● Exercise requirements: Your answer should be the full set of entries, given again without alteration.

-------- Data for this task

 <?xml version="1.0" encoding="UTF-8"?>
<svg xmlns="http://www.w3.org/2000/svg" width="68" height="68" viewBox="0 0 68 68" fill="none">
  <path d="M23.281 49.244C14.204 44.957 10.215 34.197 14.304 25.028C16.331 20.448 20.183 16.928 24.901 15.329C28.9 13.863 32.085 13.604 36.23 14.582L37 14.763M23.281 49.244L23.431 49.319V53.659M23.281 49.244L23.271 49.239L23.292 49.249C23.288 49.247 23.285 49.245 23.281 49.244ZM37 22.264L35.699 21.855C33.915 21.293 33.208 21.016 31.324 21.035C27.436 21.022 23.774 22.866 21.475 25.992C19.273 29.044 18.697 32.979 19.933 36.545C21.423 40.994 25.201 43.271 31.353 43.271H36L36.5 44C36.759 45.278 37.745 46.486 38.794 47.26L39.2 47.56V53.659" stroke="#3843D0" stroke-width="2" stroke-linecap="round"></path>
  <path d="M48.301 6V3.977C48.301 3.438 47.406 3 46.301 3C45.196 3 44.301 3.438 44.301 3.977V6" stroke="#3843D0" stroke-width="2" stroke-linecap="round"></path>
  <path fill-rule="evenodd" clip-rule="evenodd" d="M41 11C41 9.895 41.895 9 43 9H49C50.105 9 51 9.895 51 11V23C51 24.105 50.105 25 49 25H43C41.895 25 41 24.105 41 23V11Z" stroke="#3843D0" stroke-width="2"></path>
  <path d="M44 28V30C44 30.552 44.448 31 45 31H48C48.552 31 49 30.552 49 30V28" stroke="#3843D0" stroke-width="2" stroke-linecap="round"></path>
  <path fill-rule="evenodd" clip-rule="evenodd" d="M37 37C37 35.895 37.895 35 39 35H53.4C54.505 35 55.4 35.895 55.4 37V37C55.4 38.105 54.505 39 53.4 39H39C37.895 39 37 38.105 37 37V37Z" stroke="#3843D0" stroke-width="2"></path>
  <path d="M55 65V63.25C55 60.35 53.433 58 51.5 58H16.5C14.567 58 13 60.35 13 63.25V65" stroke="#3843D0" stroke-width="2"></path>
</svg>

----------------

● Response:
 <?xml version="1.0" encoding="UTF-8"?>
<svg xmlns="http://www.w3.org/2000/svg" width="68" height="68" viewBox="0 0 68 68" fill="none">
  <path d="M23.281 49.244C14.204 44.957 10.215 34.197 14.304 25.028C16.331 20.448 20.183 16.928 24.901 15.329C28.9 13.863 32.085 13.604 36.23 14.582L37 14.763M23.281 49.244L23.431 49.319V53.659M23.281 49.244L23.271 49.239L23.292 49.249C23.288 49.247 23.285 49.245 23.281 49.244ZM37 22.264L35.699 21.855C33.915 21.293 33.208 21.016 31.324 21.035C27.436 21.022 23.774 22.866 21.475 25.992C19.273 29.044 18.697 32.979 19.933 36.545C21.423 40.994 25.201 43.271 31.353 43.271H36L36.5 44C36.759 45.278 37.745 46.486 38.794 47.26L39.2 47.56V53.659" stroke="#3843D0" stroke-width="2" stroke-linecap="round"></path>
  <path d="M48.301 6V3.977C48.301 3.438 47.406 3 46.301 3C45.196 3 44.301 3.438 44.301 3.977V6" stroke="#3843D0" stroke-width="2" stroke-linecap="round"></path>
  <path fill-rule="evenodd" clip-rule="evenodd" d="M41 11C41 9.895 41.895 9 43 9H49C50.105 9 51 9.895 51 11V23C51 24.105 50.105 25 49 25H43C41.895 25 41 24.105 41 23V11Z" stroke="#3843D0" stroke-width="2"></path>
  <path d="M44 28V30C44 30.552 44.448 31 45 31H48C48.552 31 49 30.552 49 30V28" stroke="#3843D0" stroke-width="2" stroke-linecap="round"></path>
  <path fill-rule="evenodd" clip-rule="evenodd" d="M37 37C37 35.895 37.895 35 39 35H53.4C54.505 35 55.4 35.895 55.4 37V37C55.4 38.105 54.505 39 53.4 39H39C37.895 39 37 38.105 37 37V37Z" stroke="#3843D0" stroke-width="2"></path>
  <path d="M55 65V63.25C55 60.35 53.433 58 51.5 58H16.5C14.567 58 13 60.35 13 63.25V65" stroke="#3843D0" stroke-width="2"></path>
</svg>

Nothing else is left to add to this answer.